Stanford University just released a guide designed to eliminate “harmful language” from the school’s websites and computer code.
Notably, under the “imprecise language” section, the guide wants to replace the term “American” with “U.S. citizen.”
“[‘American’] often refers to people from the United States only, thereby insinuating that the US is the most important country in the Americas,” says the index, which goes on to note the region includes 42 countries between North and South America.
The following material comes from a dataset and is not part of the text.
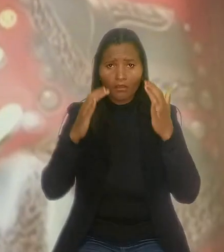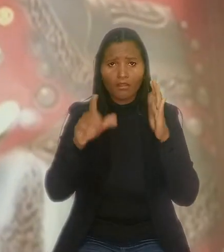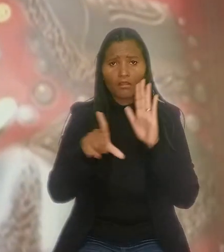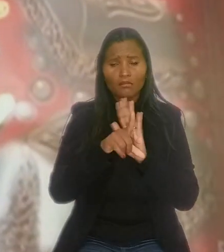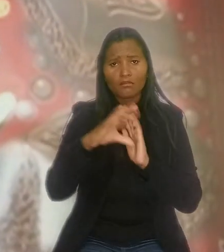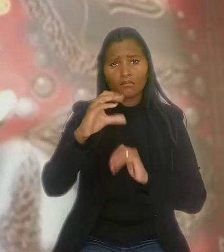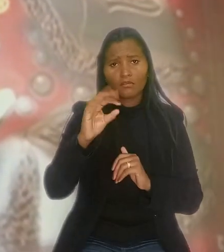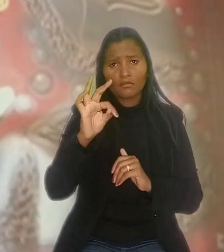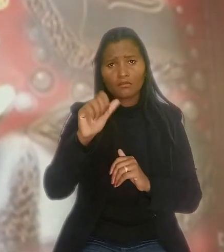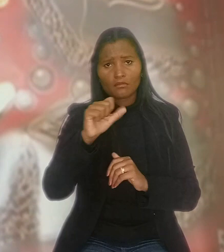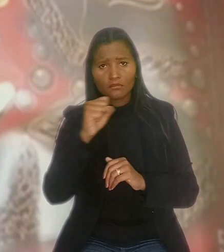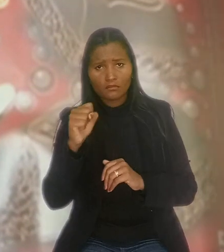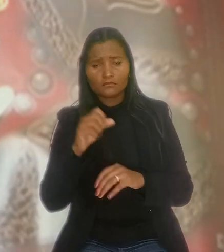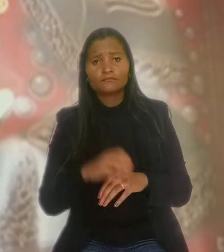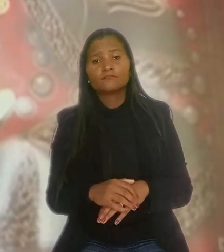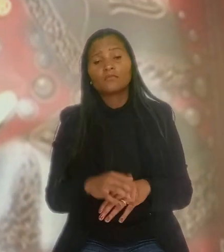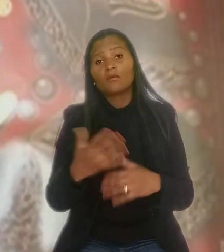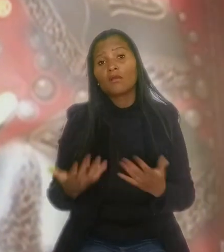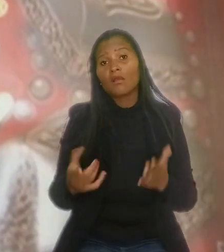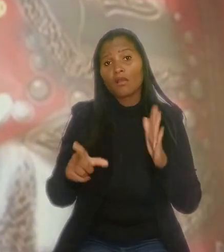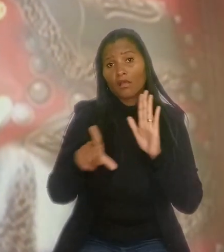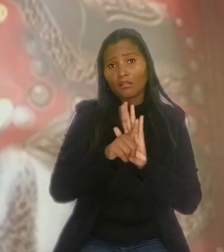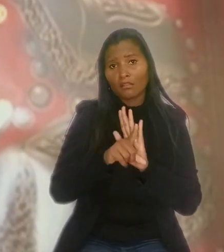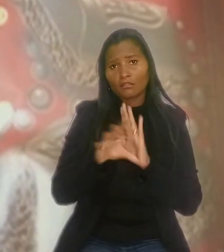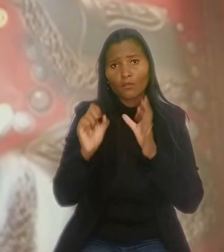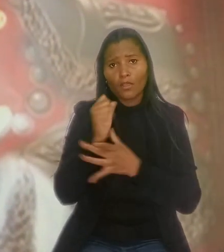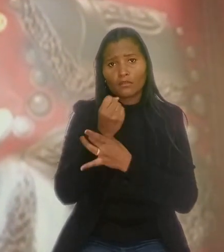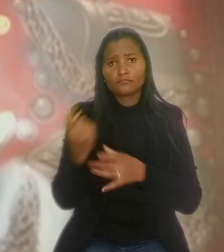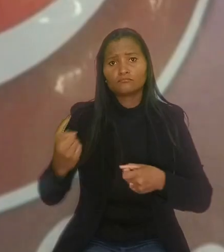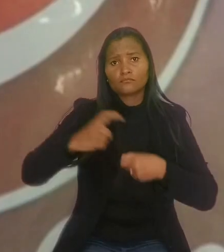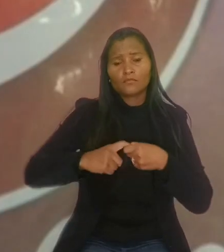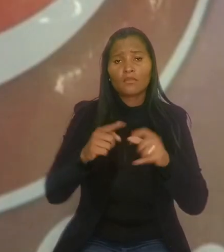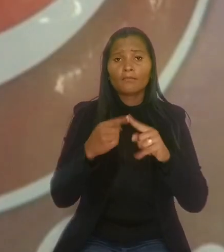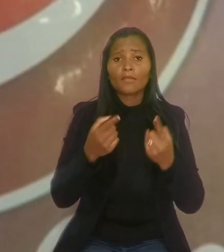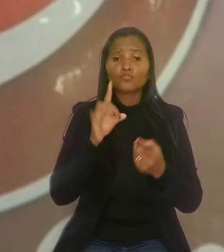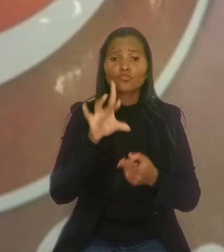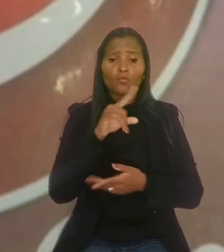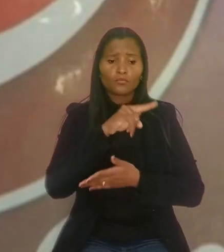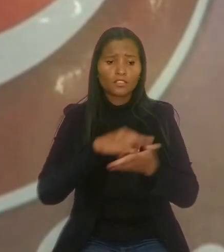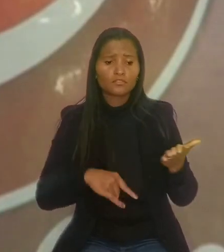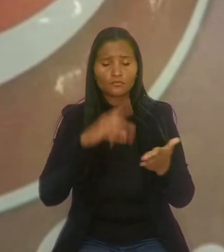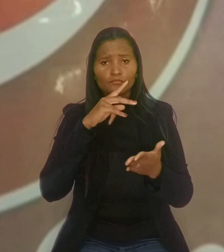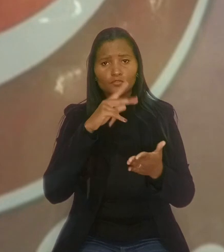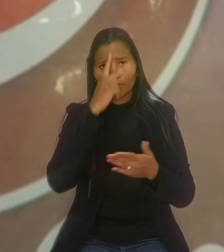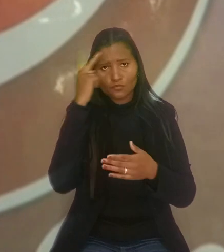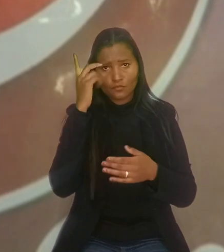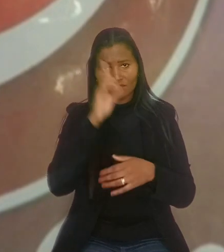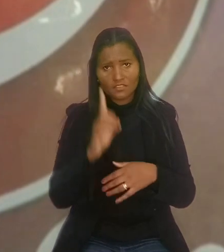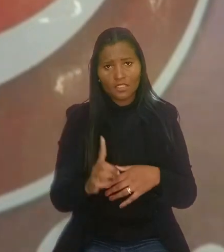Segundo a Nestlé, a lei não garante a reintegração, mas apenas a contratação de um empregado com deficiência por outro.

The guide was published Monday, but it’s part of a project launched last May known as the Elimination of Harmful Language Initiative (EHLI).
Additionally, the guide is loaded with more terms it wants to replace, ostensibly to tackle things like racism, homophobia, and ableism.
Notable terms the new index wants to replace:
- “Immigrant” with “person who has immigrated” or “non-citizen.”
- “Abort” with “cancel” or “end.”
- “Child prostitute” with “child who has been trafficked.”
- “Karen” with “demanding or entitled White woman.”
- “Handicap parking” with “accessible parking.”
- “Committed suicide” with “died by suicide.”
- “Tone deaf” with “unenlightened.”
- “Addict” with “person with a substance abuse disorder”
- “Slave labor” with “underpaid.”
Click HERE for the full PDF of desired changes the index wants you to “consider using.”
Tech billionaire Elon Musk has since called out the policy:
“Stanford disapproves of saying you’re proud to be an American? Tweeted Musk. “Whoa.”
Stanford disapproves of saying you’re proud to be an American? Whoa.
— Elon Musk (@elonmusk) December 20, 2022
Below are excerpts from the guide that describe its intended purpose:
“The purpose of this website is to educate people about the possible impact of the words we use,” says the guide’s opening message. “Language affects different people in different ways.”
“The goal of the Elimination of Harmful Language Initiative is to eliminate many forms of harmful language, including racist, violent, and biased (e.g., disability bias, ethnic bias, ethnic slurs, gender bias, implicit bias, sexual bias) language in Stanford websites and code.”